3. In those meetings they may do all that followeth. 1. They may pray together; a layman being the speaker. 2. They may sing psalms. 3. They may read the Scriptures. 4. They may read some holy, edifying writings of Divines, or repeat some minister's sermons. 5. Some that are most able may speak to the instruction and exhortation of the rest, as a master may do in his family, or neighbours to stir up God's graces in each other, as was opened before. And some such may catechize the younger and more ignorant. 6. They may by mutual conferences open their cases to each other, and communicate what knowledge and experience they have, to the praise of God and each other's edification. 7. They may make a solemn profession of their faith, covenant, and subjection to God the Father, Son, and Holy Ghost: and all this is better than nothing at all.

But, 1. None of them may do any of this as a pastor, ruler, priest, or office-teacher of the church. 2. Nor may they baptize. 3. Nor administer the Lord's supper. 4. Nor excommunicate by sentence, (but only executively agree to avoid the notoriously impenitent). 5. Nor absolve ministerially, or as by authority; nor exercise any of the power of the keys, that is, of government. 6. And they must do their best to get a pastor as soon as they are able.

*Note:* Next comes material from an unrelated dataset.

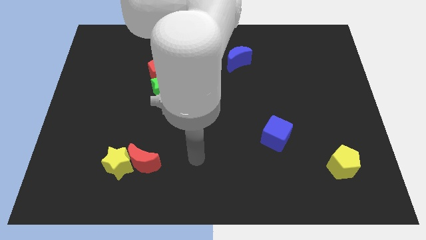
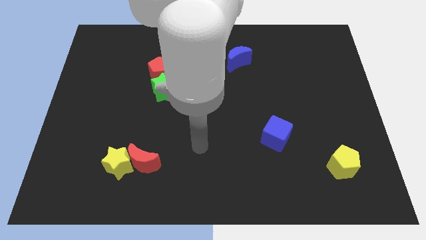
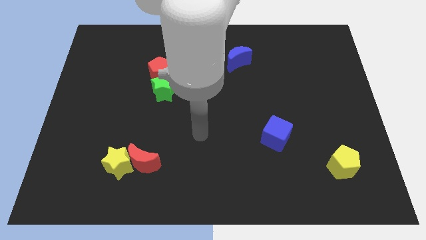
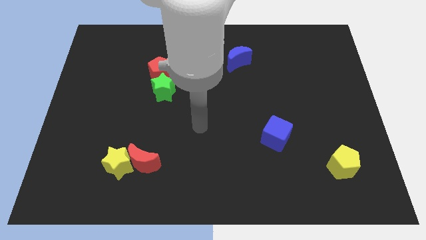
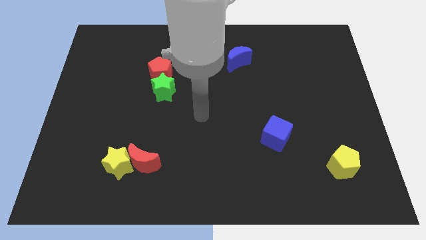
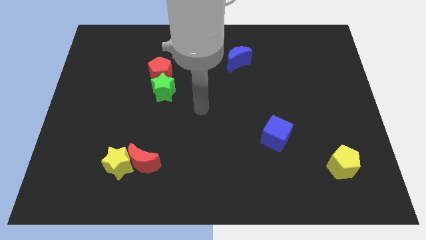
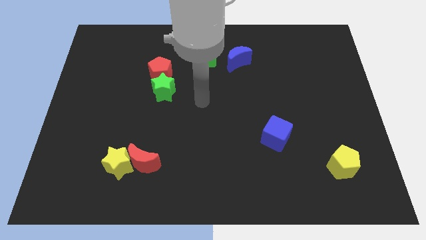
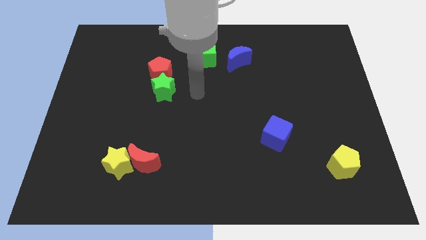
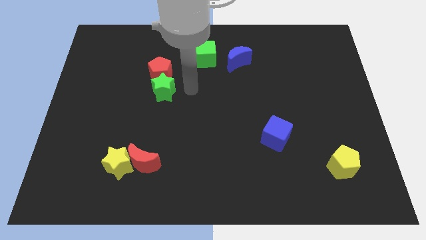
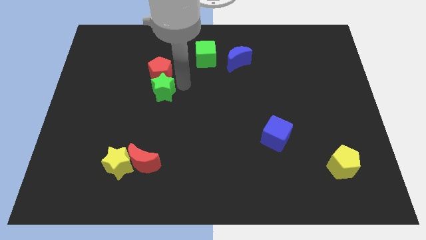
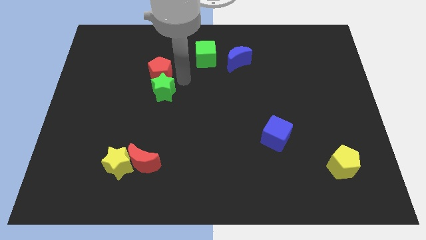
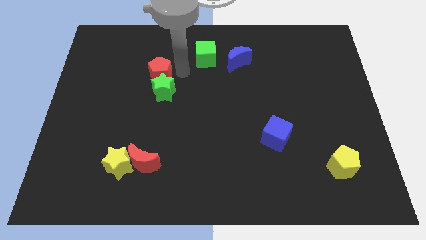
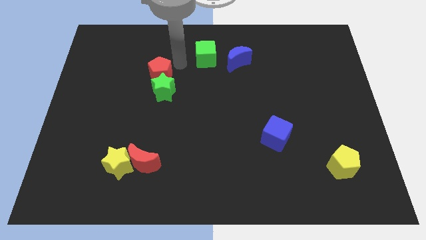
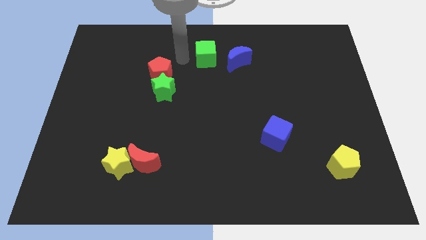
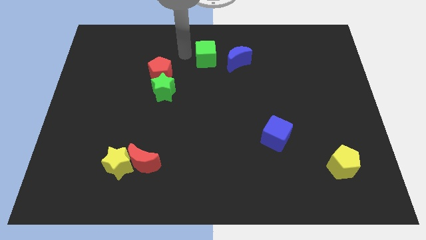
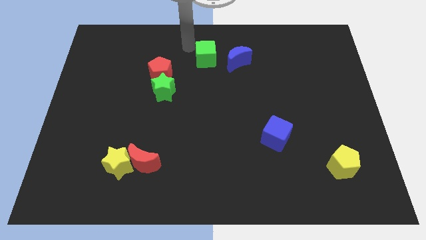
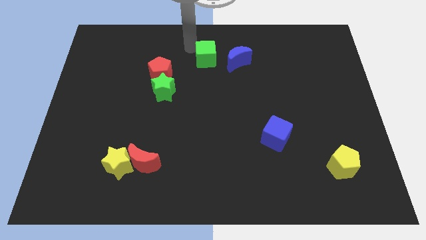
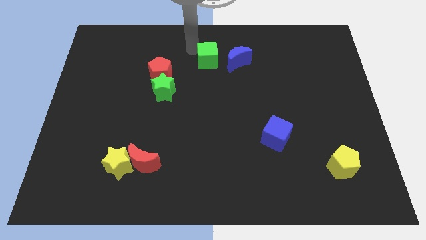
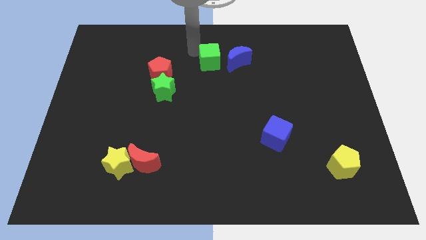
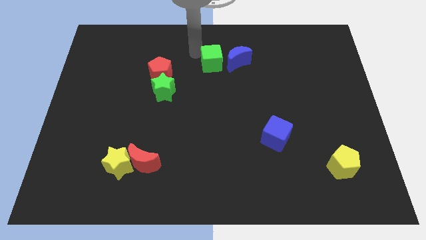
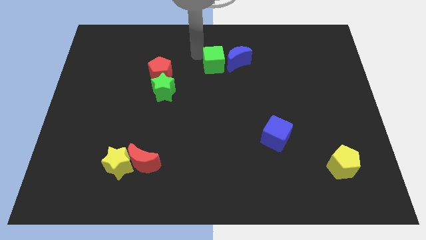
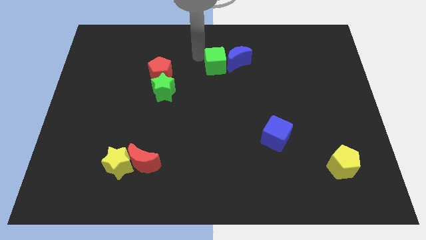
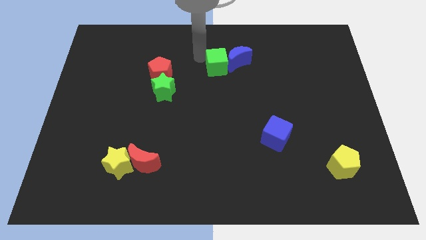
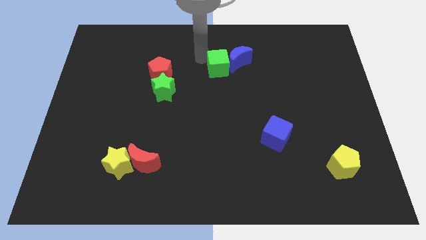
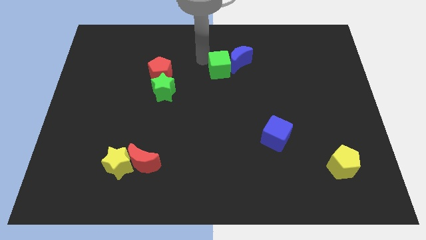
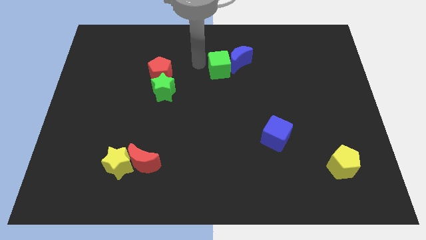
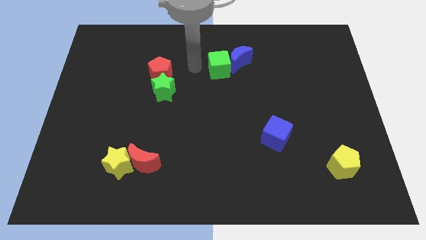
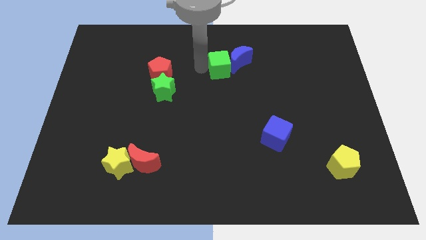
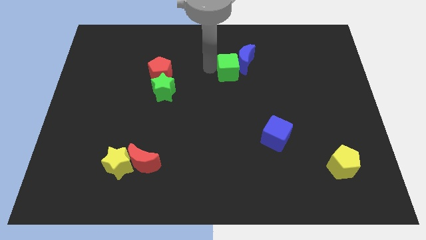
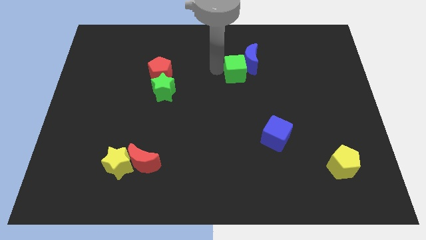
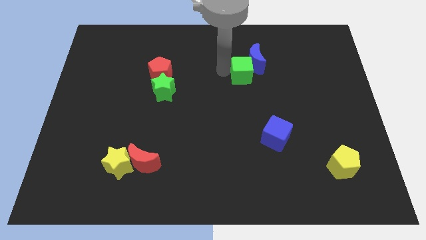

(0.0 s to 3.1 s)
slide the green cube a little right

Quest. CLII. Is it lawful to subscribe or profess full assent and consent to any religious books besides the Scripture, seeing all are fallible?

Answ. 1. It is not lawful to profess or subscribe that any book is more true or better than it is; or that there is no fault in any that is faulty; or to profess that we believe any mortal man to be totally infallible in all that he shall write or say, or impeccable in all that he shall do.

2. Because all men are fallible, and so are we in judging, it is not lawful to say of any large and dubious books, in which we know no fault, that there is no fault or error in them; we being uncertain, and it being usual for the best men even in their best writings, prayers, or works to be

faulty, as the consequent or effect of our common, culpable imperfection. But we may say, that we know no fault or error in it, if indeed we do not know of any.

3. It is lawful to profess or subscribe our assent and consent to any human writing which we judge to be true and good, according to the measure of its truth and goodness; as if church-confessions that are sound be offered us for our consent, we may say or subscribe, 'I hold all the doctrine in this book to be true and good.' And by so doing I do not assert the infallibility of the authors, but only the verity of the writing. 1 do not say that he cannot err, or that he never erreth; but that he erreth not in this, as far as I am able to discern.

Quest. CLIII. May we lawfully swear obedience in all things lawful and honest, either to usurpers, or to our lawful pastors?

Answ. 1. If the question were of imposing such oaths, I would say, that it was many a hundred years before the churches of Christ (either under persecution, or in their prosperity and glory) did ever know of any such practice, as the people or the presbyters swearing obedience to the bishops And when it came up, the magistracy, princes, and emperors fell under the feet of the pope; and the clergy grew to what we see it in the Roman kingdom, called a church. And far should I be from desiring such oaths to be imposed.

2. But the question being only of the taking such oaths, and not the imposing of them, I say, that (1.) It is not lawful to swear obedience to an usurper, civil or ecclesiastical, ' in licitis et honestis ;' because it is a subjecting ourselves to him, and an acknowledging that authority which he hath not; for we can swear no further to obey the king himself but in things lawful and honest; and to do so by an usurper is an injury to the king, and unto Christ.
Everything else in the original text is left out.